Archive for April 8th, 2010
14. That God wrought works that were more fatherly for this Hebrew people, and that the more God did for them, the more they practiced their malevolence and their impiety against God (Ps. 94 [Ps. 95]).
15. That when the time appointed by the divine Majesty arrived, the Word of God, whom the Holy Scripture calls the Son of God, took human flesh in the womb of the Virgin Mary, God having willed to restore all things by his Word, just as he had made them all by his Word (John 1; Mt.
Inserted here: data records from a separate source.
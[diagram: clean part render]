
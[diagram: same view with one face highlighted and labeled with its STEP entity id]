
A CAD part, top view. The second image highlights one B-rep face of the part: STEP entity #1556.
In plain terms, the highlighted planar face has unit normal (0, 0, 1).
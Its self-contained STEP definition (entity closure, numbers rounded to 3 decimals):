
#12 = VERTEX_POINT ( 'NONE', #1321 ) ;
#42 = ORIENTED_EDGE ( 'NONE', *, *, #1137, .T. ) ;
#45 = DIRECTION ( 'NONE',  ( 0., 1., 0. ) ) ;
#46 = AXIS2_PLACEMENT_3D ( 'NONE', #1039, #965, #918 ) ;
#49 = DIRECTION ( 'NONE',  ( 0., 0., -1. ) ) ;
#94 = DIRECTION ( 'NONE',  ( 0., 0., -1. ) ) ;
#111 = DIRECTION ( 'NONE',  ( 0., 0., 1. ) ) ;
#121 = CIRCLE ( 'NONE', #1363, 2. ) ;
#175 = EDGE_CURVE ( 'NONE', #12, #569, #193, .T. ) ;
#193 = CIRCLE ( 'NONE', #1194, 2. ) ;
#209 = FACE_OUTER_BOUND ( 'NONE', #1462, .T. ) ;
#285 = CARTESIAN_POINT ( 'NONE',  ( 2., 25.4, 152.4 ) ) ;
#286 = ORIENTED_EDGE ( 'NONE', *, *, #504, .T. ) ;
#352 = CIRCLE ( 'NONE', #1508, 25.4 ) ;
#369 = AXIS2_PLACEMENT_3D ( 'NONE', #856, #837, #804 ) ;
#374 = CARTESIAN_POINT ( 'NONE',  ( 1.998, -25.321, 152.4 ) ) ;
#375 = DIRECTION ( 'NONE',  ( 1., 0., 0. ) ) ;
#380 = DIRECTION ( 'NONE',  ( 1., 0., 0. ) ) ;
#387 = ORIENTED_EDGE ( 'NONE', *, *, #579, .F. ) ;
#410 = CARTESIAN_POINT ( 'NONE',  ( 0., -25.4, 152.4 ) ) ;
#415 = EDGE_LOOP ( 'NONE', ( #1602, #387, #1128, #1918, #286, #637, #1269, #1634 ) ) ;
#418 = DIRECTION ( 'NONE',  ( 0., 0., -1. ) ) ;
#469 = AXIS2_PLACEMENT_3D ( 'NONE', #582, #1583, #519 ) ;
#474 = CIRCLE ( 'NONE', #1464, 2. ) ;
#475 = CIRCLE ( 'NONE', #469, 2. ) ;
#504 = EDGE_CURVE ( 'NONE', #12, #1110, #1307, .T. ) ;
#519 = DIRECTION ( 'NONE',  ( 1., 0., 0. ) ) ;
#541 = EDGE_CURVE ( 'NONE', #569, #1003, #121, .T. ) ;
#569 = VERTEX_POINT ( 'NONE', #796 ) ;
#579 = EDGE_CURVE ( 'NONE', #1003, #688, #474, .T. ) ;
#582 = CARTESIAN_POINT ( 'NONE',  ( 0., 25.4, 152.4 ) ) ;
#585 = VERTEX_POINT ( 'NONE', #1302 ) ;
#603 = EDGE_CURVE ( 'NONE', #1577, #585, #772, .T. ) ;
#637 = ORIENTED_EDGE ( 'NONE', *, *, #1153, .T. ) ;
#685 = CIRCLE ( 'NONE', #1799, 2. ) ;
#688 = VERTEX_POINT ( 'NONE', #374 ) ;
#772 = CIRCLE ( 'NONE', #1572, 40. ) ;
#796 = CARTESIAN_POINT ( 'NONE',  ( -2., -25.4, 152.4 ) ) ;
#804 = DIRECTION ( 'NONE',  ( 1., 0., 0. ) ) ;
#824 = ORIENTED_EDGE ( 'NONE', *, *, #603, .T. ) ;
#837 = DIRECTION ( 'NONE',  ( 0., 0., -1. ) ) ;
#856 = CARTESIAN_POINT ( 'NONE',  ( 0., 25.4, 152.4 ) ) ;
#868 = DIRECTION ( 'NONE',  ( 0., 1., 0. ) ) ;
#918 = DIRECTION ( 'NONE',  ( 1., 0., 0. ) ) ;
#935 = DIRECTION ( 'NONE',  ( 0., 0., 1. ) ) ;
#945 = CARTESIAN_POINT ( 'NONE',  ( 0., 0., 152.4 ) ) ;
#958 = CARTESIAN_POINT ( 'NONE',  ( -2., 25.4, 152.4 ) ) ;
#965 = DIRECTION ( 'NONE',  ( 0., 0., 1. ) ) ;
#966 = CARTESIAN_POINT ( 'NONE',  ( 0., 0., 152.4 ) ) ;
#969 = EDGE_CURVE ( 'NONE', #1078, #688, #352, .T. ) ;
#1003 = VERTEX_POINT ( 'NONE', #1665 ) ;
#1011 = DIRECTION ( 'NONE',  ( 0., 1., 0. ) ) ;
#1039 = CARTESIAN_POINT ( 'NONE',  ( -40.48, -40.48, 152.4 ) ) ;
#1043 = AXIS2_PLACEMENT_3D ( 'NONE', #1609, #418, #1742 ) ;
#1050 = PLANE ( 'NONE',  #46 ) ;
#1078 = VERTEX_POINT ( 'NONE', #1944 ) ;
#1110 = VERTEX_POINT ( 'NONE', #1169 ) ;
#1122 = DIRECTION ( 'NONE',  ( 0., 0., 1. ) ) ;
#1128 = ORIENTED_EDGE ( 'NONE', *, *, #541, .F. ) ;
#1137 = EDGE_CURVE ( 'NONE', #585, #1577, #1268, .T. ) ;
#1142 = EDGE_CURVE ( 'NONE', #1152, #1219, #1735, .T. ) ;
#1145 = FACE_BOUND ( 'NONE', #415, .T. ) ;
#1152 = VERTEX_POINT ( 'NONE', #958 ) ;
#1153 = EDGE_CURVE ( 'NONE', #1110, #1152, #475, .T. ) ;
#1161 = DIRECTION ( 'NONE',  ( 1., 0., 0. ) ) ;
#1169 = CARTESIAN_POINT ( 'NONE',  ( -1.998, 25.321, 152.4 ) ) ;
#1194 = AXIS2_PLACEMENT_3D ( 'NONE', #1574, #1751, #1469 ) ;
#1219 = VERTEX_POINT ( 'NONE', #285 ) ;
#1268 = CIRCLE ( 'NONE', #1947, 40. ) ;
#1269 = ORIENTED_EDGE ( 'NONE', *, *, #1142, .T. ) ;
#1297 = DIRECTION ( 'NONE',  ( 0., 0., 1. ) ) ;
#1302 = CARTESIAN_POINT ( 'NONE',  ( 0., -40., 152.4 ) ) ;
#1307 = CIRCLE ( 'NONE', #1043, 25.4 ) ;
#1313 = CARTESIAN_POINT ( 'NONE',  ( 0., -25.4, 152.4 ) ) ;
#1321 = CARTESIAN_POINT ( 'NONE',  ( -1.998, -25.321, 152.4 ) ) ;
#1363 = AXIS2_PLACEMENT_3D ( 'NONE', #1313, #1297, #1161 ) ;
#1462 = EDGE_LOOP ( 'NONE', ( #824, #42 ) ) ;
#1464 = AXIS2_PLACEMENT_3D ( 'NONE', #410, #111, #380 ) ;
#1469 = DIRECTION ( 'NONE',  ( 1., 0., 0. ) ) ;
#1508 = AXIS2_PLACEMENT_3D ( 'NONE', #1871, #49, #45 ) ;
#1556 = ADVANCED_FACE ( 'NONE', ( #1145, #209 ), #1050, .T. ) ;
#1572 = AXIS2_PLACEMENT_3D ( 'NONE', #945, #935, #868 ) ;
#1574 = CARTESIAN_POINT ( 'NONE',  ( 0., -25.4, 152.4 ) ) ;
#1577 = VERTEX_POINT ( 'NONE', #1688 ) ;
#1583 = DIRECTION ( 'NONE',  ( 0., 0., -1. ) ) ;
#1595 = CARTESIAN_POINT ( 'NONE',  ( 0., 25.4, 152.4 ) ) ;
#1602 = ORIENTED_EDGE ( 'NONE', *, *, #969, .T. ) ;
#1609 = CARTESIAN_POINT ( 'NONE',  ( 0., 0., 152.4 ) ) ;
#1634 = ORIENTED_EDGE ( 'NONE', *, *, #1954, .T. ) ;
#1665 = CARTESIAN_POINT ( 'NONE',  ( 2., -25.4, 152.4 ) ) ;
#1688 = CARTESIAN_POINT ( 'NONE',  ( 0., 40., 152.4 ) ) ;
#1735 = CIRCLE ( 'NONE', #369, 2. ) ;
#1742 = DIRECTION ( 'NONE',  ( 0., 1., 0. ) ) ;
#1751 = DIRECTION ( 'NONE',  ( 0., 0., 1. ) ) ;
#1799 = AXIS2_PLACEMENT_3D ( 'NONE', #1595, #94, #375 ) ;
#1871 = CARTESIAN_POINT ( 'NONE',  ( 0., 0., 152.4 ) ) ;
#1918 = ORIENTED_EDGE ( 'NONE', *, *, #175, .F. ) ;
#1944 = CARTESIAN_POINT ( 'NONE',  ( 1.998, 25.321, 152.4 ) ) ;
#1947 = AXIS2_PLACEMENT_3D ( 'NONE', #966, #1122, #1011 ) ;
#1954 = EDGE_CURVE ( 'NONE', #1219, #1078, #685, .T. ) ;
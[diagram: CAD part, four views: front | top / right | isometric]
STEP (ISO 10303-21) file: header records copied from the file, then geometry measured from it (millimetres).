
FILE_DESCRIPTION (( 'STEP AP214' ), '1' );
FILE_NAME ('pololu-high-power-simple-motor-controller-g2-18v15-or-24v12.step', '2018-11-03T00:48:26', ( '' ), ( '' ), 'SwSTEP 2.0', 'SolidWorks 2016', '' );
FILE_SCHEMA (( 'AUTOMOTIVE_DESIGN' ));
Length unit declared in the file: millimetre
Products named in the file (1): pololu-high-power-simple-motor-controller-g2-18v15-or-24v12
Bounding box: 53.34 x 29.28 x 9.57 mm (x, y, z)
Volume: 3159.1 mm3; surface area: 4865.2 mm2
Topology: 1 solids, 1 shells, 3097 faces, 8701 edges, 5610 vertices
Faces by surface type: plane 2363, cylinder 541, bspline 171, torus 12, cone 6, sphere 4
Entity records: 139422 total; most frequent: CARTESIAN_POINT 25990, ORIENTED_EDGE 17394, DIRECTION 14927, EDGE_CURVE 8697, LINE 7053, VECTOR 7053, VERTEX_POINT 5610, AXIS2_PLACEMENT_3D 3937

L; Phil. 3 [Phil. 2J; Col. 1).
16. That this incarnate Word is the Messiah, promised to the Hebrews in the Law and in the Prophets, whom we call Christ, which is the same as Messiah or Anointed (John 3,4).
17. That upon this Word of God incarnate, upon this Son of God, upon this Christ, God placed all the iniquities, all the rebellions, and all the sins of all men, he being most innocent and free from all sin. God chastised them all in him with the same rigor as if he had committed them all, even to taking from him on the cross his life as a son of Adam and as a passible and mortal man. God afterwards resurrected and glorified him for his obedience, giving him absolute power in heaven and on earth (1 Pet. 2; Mt. 28; Col. 1).
18. That Christ, having ascended into heaven, sent the Holy Spirit upon his disciples, upon those he had elected and taken for his own while he conversed among men (Acts 1).
Juan de Valdés, The Manner which Ought to be Observed in Instructing the Children of Christians from Childhood about Religious Matters,” in Reformed Confessions of the 16th and 17th Centuries in English Translation, ed. James T. Dennison, (Grand Rapids Michigan: Reformation Heritage Books, 2008), 1:531. [underlining mine.]